RECORDED INFORMATION:
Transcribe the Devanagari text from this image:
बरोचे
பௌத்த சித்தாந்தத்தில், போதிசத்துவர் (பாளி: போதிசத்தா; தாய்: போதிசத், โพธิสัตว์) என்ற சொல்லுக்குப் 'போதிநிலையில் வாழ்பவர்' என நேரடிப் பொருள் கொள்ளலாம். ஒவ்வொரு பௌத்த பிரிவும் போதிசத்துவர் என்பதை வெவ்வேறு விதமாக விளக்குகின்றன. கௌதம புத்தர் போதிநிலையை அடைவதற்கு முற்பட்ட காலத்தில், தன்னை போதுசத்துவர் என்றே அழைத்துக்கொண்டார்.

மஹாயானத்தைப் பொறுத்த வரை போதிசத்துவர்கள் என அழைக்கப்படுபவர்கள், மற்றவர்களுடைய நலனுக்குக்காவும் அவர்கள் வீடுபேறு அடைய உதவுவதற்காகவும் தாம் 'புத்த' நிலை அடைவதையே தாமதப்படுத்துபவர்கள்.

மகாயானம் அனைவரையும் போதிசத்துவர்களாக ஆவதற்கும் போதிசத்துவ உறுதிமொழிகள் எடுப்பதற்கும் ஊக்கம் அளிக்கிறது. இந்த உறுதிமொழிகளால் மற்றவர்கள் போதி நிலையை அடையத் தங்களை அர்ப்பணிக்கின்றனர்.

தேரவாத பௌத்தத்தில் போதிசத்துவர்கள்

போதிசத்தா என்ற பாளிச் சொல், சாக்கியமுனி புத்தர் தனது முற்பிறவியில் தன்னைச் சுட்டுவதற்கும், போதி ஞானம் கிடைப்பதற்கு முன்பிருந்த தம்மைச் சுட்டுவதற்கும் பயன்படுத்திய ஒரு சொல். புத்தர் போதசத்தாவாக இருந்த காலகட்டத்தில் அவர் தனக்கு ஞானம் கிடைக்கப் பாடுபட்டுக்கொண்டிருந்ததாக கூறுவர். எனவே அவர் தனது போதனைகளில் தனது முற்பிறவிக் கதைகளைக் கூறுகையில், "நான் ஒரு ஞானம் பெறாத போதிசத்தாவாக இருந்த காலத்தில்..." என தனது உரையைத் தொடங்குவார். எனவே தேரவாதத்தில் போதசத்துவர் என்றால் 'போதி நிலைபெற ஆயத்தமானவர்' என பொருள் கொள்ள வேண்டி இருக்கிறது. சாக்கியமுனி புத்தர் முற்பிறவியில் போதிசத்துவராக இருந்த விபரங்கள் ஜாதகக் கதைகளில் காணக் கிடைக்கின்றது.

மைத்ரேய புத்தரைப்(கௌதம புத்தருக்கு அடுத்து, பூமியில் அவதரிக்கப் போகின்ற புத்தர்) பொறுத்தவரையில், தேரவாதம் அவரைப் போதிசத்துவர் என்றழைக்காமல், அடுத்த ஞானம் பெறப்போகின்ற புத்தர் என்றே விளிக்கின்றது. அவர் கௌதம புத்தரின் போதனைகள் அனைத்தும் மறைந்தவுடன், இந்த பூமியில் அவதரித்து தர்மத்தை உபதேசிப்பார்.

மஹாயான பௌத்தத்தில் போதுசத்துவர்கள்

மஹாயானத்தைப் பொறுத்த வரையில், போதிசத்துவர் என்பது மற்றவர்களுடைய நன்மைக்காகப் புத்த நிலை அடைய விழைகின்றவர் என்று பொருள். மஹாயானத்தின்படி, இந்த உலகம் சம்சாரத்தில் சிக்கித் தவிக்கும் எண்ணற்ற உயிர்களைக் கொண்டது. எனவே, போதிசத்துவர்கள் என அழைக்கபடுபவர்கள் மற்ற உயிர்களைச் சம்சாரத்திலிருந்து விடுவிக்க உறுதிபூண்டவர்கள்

WORK ITEM:
The lines to output run from the one containing "மகாயானம் அனைவரையும் போதிசத்துவர்களாக" to the last line of the entries; give them back exactly.

TASK SOLUTION:
மகாயானம் அனைவரையும் போதிசத்துவர்களாக ஆவதற்கும் போதிசத்துவ உறுதிமொழிகள் எடுப்பதற்கும் ஊக்கம் அளிக்கிறது. இந்த உறுதிமொழிகளால் மற்றவர்கள் போதி நிலையை அடையத் தங்களை அர்ப்பணிக்கின்றனர்.

தேரவாத பௌத்தத்தில் போதிசத்துவர்கள்

போதிசத்தா என்ற பாளிச் சொல், சாக்கியமுனி புத்தர் தனது முற்பிறவியில் தன்னைச் சுட்டுவதற்கும், போதி ஞானம் கிடைப்பதற்கு முன்பிருந்த தம்மைச் சுட்டுவதற்கும் பயன்படுத்திய ஒரு சொல். புத்தர் போதசத்தாவாக இருந்த காலகட்டத்தில் அவர் தனக்கு ஞானம் கிடைக்கப் பாடுபட்டுக்கொண்டிருந்ததாக கூறுவர். எனவே அவர் தனது போதனைகளில் தனது முற்பிறவிக் கதைகளைக் கூறுகையில், "நான் ஒரு ஞானம் பெறாத போதிசத்தாவாக இருந்த காலத்தில்..." என தனது உரையைத் தொடங்குவார். எனவே தேரவாதத்தில் போதசத்துவர் என்றால் 'போதி நிலைபெற ஆயத்தமானவர்' என பொருள் கொள்ள வேண்டி இருக்கிறது. சாக்கியமுனி புத்தர் முற்பிறவியில் போதிசத்துவராக இருந்த விபரங்கள் ஜாதகக் கதைகளில் காணக் கிடைக்கின்றது.

மைத்ரேய புத்தரைப்(கௌதம புத்தருக்கு அடுத்து, பூமியில் அவதரிக்கப் போகின்ற புத்தர்) பொறுத்தவரையில், தேரவாதம் அவரைப் போதிசத்துவர் என்றழைக்காமல், அடுத்த ஞானம் பெறப்போகின்ற புத்தர் என்றே விளிக்கின்றது. அவர் கௌதம புத்தரின் போதனைகள் அனைத்தும் மறைந்தவுடன், இந்த பூமியில் அவதரித்து தர்மத்தை உபதேசிப்பார்.

மஹாயான பௌத்தத்தில் போதுசத்துவர்கள்

மஹாயானத்தைப் பொறுத்த வரையில், போதிசத்துவர் என்பது மற்றவர்களுடைய நன்மைக்காகப் புத்த நிலை அடைய விழைகின்றவர் என்று பொருள். மஹாயானத்தின்படி, இந்த உலகம் சம்சாரத்தில் சிக்கித் தவிக்கும் எண்ணற்ற உயிர்களைக் கொண்டது. எனவே, போதிசத்துவர்கள் என அழைக்கபடுபவர்கள் மற்ற உயிர்களைச் சம்சாரத்திலிருந்து விடுவிக்க உறுதிபூண்டவர்கள்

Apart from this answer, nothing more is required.